そして民事の責任を支えるのが、民法709条の不法行為と「受忍限度論」です。これは、社会生活上、通常の人が当然我慢すべき限度を超えた音だけが違法になる、という考え方です。最高裁平成6年3月24日判決は、行政上の基準に違反していても、それだけで直ちに違法とはならず、被害の程度や地域性、防止措置の有無などを総合して判断するとしています。条例基準の超過は、この判断で不利に働きやすい要素です。

具体的な対応ステップ

苦情を受けたら、まず放置しないことです。日時・内容・申立者を記録に残します。誠実に対応した事実は、後の受忍限度の判断でお店に有利に働きます。

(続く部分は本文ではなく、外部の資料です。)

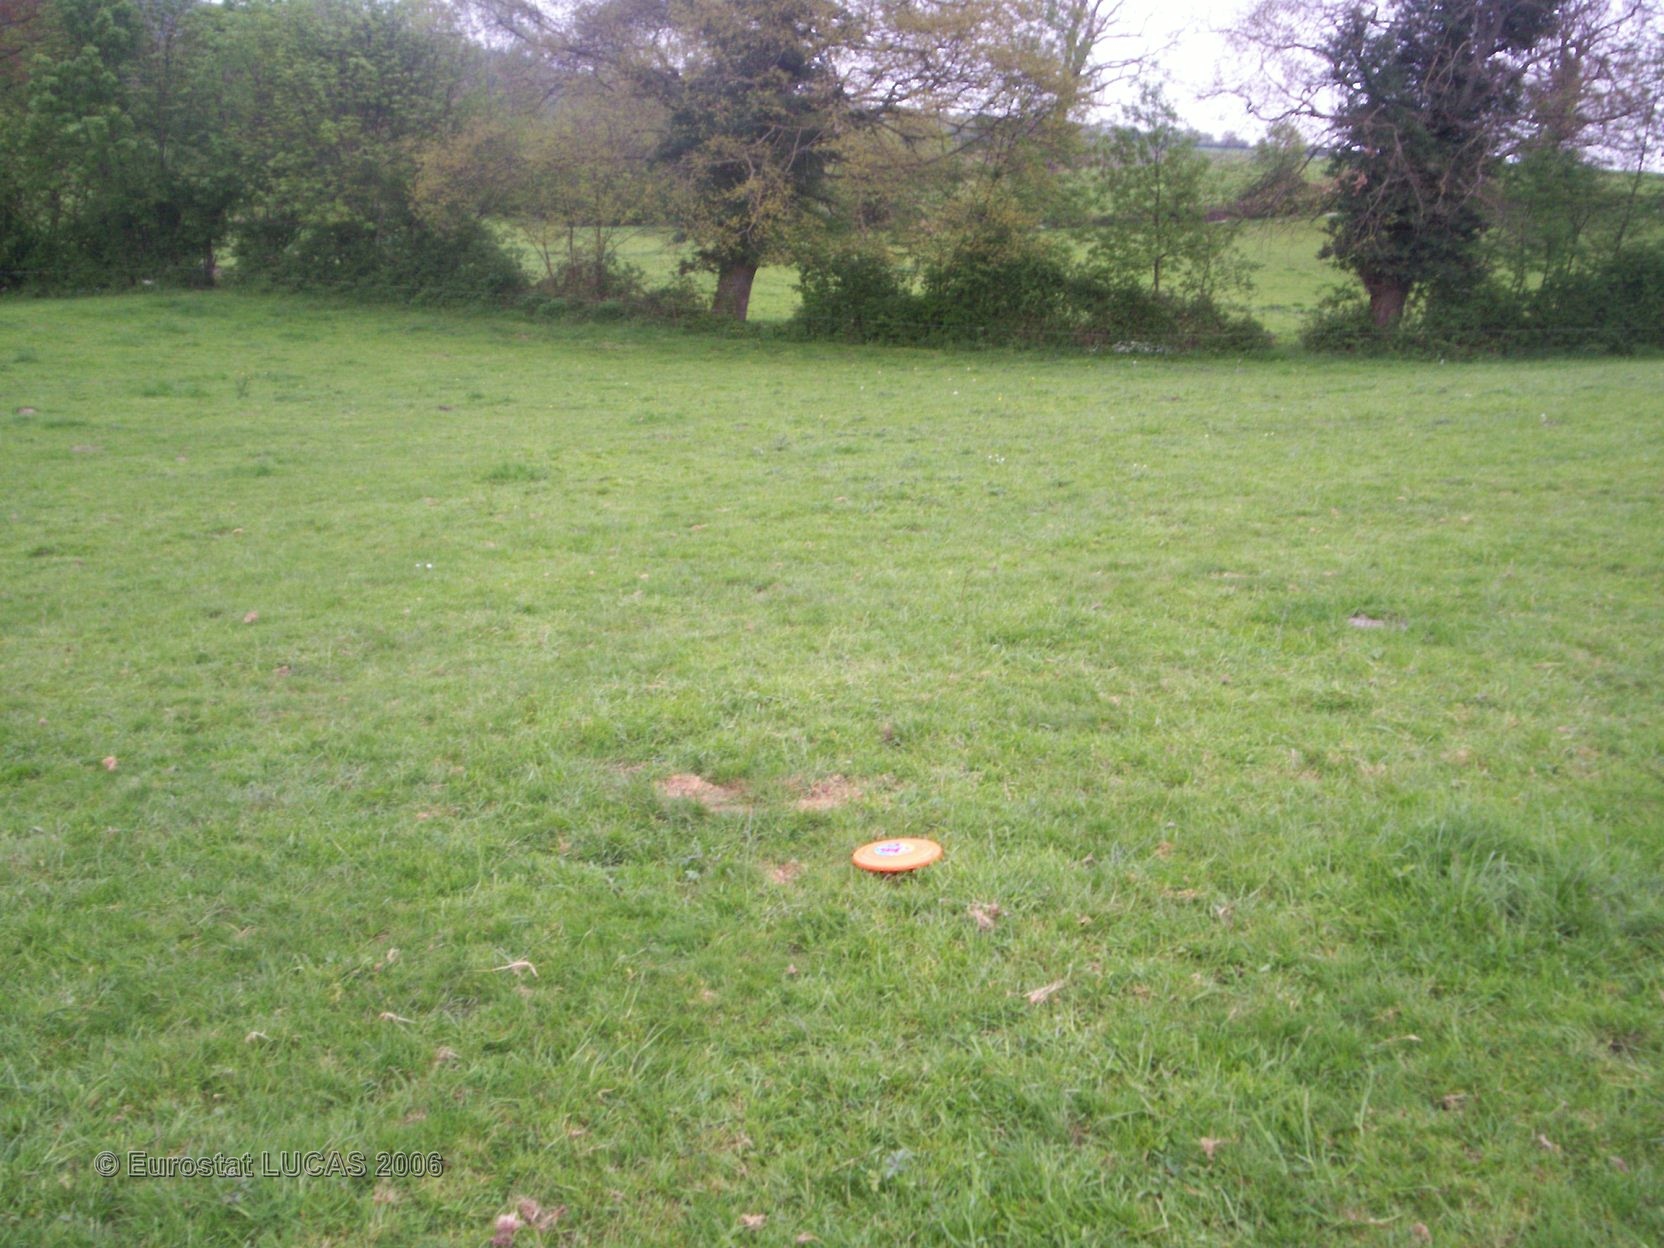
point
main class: Grassland
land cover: Grassland without tree/shrub cover
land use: Agriculture (excluding fallow land and kitchen gardens)
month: May
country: FR
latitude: 46.4901
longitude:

次に音源を特定します。BGMやカラオケ、換気扇・室外機の機械音、お客さまの声、深夜の人の出入りやドアの開閉音。どれが原因かを切り分けましょう。深夜帯の音響機器は止めるか音量を下げ、室外機には防振ゴムや防音カバーを施します。入口には「お静かにお願いします」と掲示し、退店時の声かけや誘導も効果的です。あわせて自治体の環境部門に相談し、必要なら敷地境界の騒音を測定して、基準内であることを記録しておくと、いざというときの備えになります。

ケース別の判断

音響機器による深夜の音であれば、条例違反の可能性が高く、まず時間帯と音量の見直しが最優先です。室外機など設備の音は、防振・防音工事で物理的に下げられることが多く、対応の効果が見えやすい部分です。お客さまの話し声や出入りの音は、お店が直接コントロールしにくいものの、掲示や声かけ、動線の工夫で軽減を図った事実が大切です。なお、相手より先にその場所で営業していたか(先住性)や、住居地域か商業地域かといった地域性も、判断に影響します。

専門家に相談すべき境界線

話し合いで折り合えず、内容証明が届いた、損害賠償や差止めを求められた、といった段階に入ったら、弁護士へのご相談をおすすめします。条例基準の解釈や測定方法に迷うときは、自治体の環境部門が窓口になります。営業許可や深夜営業に関わる場合は、行政書士の力も借りられます。法的な対応は事案ごとに結論が変わりますので、最終的には弁護士・専門家へのご相談をおすすめします。